I’m curious what others think about the deletions that are regularly showing up in sequenced 2022 monkeypox genomes. As I understand it, Nextstrain doesn’t really look at these, since it’s built on the covid framework where large deletions were assumed to be sequencing errors more often actual deletions.
I noticed that everything our lab sequenced here in the midwest USA had two deletions: a gap between 133164-133173, and a gap between 150551-150567. Looking at the BED files for our consensus sequences, this seems to be an actual deletion, not a sequencing artifact. I also noted that a few of the sequences I downloaded from GISAID had similar deletions.
Since Nextstrain doesn’t display any data on these gaps by default, I threw the entire nextstrain fasta into the command-line version of nextclade and had it spit out the deletions for all strains. Then I edited the nextstrain metadata file to have new columns for gaps at 133164-133173, 150551-150567, and ones that started at 179077 (there seems to be some different gaps here. The majority were 179077-179148, while some ended at 179094 or 179175. I colored these differently.)
When I looked at my phylo trees for these traits, some comments:
- the 133164 gap seems to be in nearly every B.1 sample. There’s only a handful of exceptions, which could be due to different consensus-building program setitngs labeling those gaps at Ns instead of gaps. This deletion, unlike the other two, seems like a “true” deletion that was unused when the B.1 nextclade model was built.
- the 150551 and 179077 gaps were present in only a fraction of the samples, but do not follow any pattern that I can see in the phylo tree.
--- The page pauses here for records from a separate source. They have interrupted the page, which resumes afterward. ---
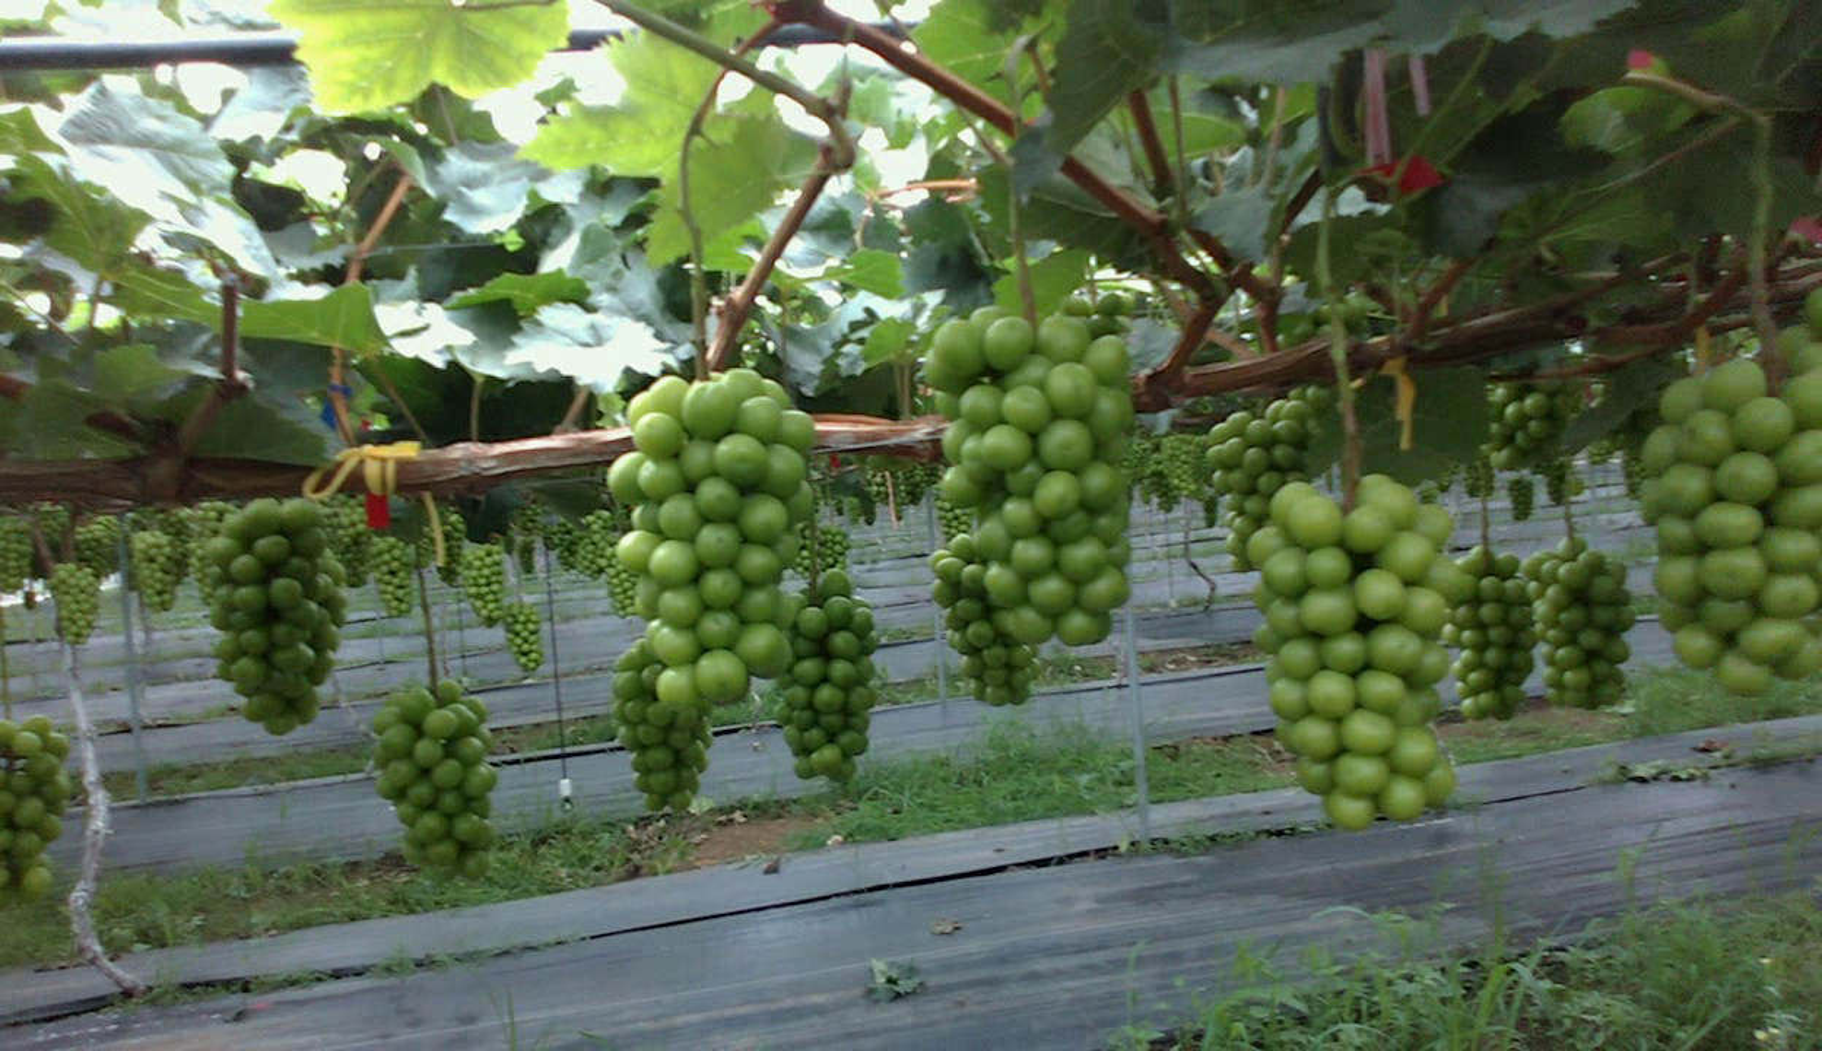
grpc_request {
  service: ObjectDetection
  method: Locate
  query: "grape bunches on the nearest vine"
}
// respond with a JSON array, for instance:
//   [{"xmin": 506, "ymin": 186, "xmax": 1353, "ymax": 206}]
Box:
[
  {"xmin": 923, "ymin": 293, "xmax": 1134, "ymax": 647},
  {"xmin": 1644, "ymin": 288, "xmax": 1821, "ymax": 698},
  {"xmin": 1244, "ymin": 474, "xmax": 1469, "ymax": 832},
  {"xmin": 604, "ymin": 368, "xmax": 816, "ymax": 708}
]
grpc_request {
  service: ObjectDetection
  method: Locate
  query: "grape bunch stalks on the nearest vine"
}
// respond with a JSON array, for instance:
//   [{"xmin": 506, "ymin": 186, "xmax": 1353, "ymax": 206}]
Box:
[
  {"xmin": 677, "ymin": 12, "xmax": 802, "ymax": 384},
  {"xmin": 1321, "ymin": 169, "xmax": 1377, "ymax": 515},
  {"xmin": 1615, "ymin": 72, "xmax": 1787, "ymax": 396},
  {"xmin": 1004, "ymin": 32, "xmax": 1051, "ymax": 331}
]
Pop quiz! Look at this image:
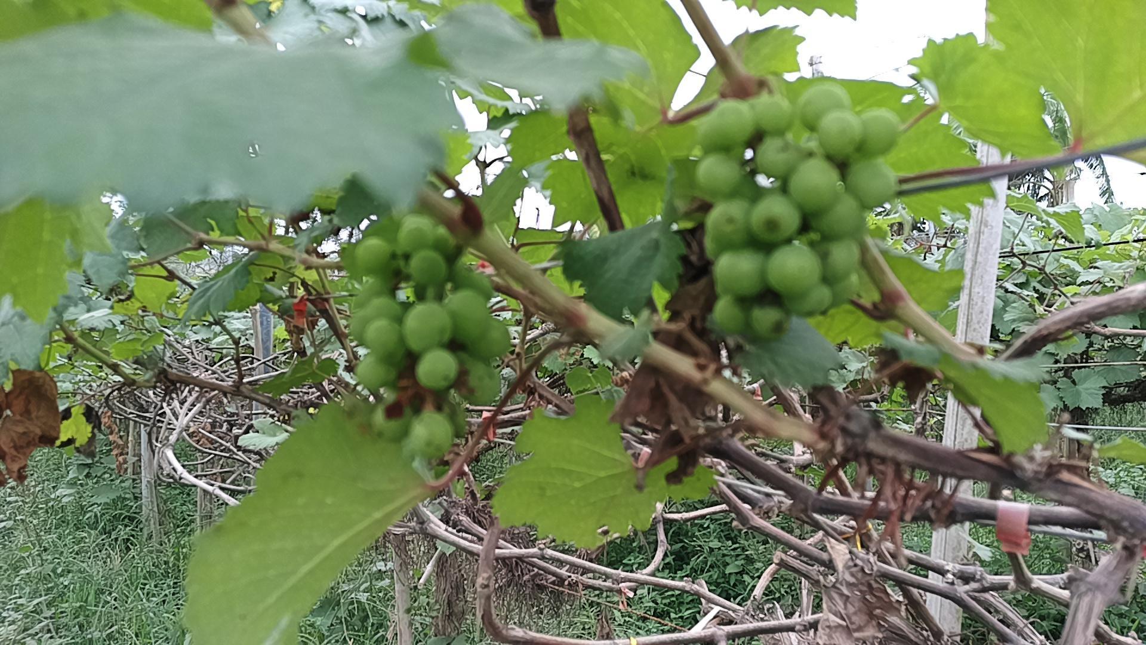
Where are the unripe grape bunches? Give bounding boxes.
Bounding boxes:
[695,83,901,340]
[347,214,510,460]
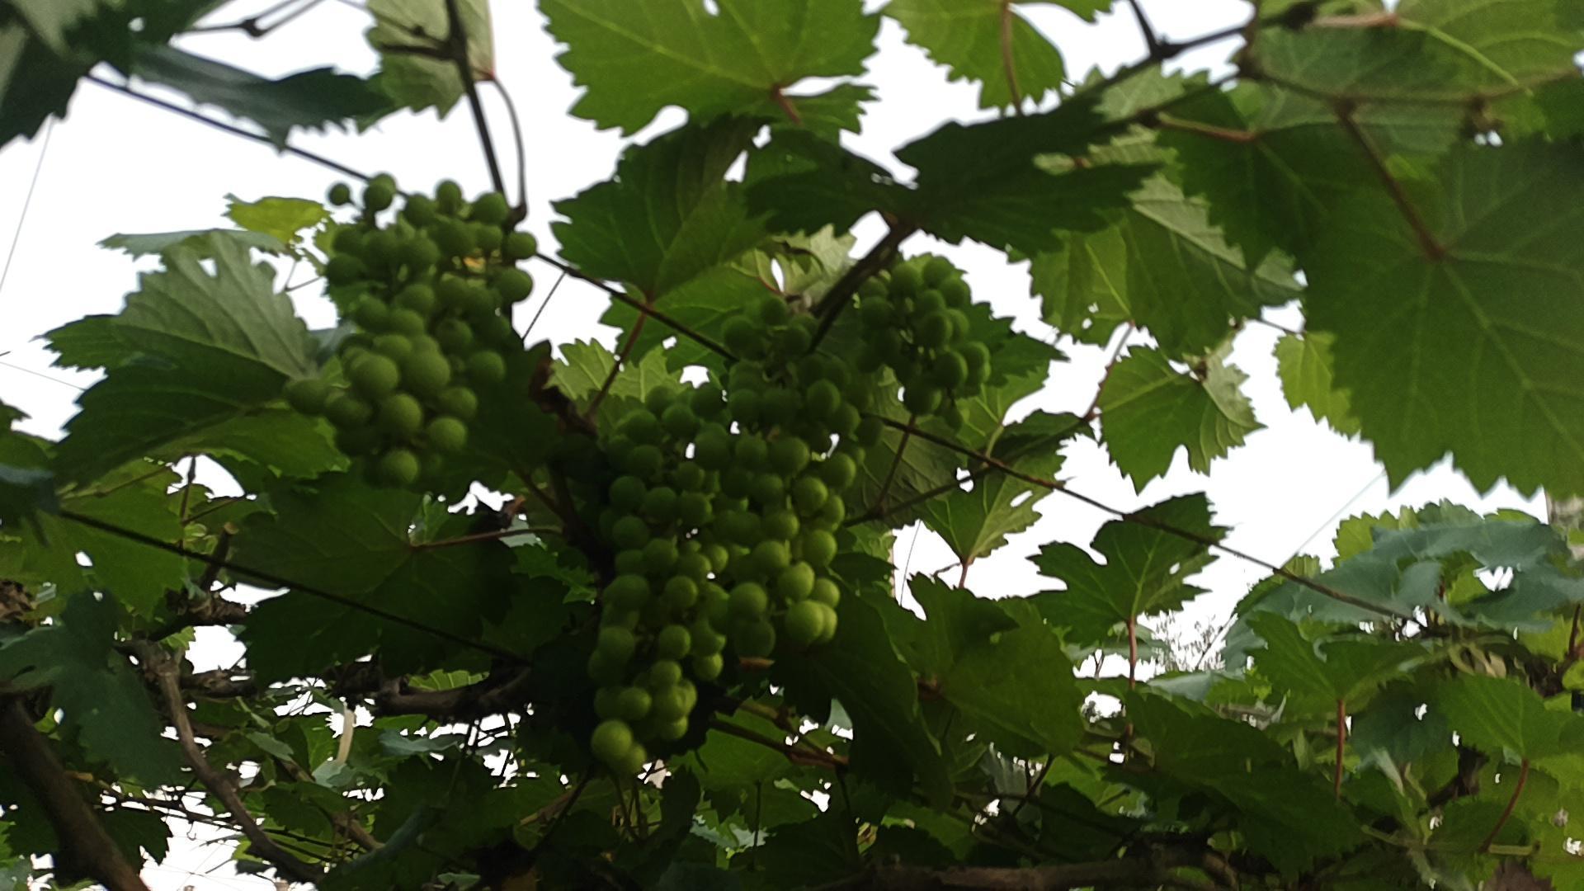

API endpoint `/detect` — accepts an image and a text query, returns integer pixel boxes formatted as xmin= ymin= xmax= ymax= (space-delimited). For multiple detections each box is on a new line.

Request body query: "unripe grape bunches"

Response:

If these are real deletions, it would seem like they’d follow some pattern, showing up at the same time as certain mutations. If they’re real deletions, it would probably need to be taken into account on tree building, right? The randomness makes me think these are somehow sequencing or consensus building artifacts.
I’m curious what other people think about these, or other common deletions I haven’t spotted yet.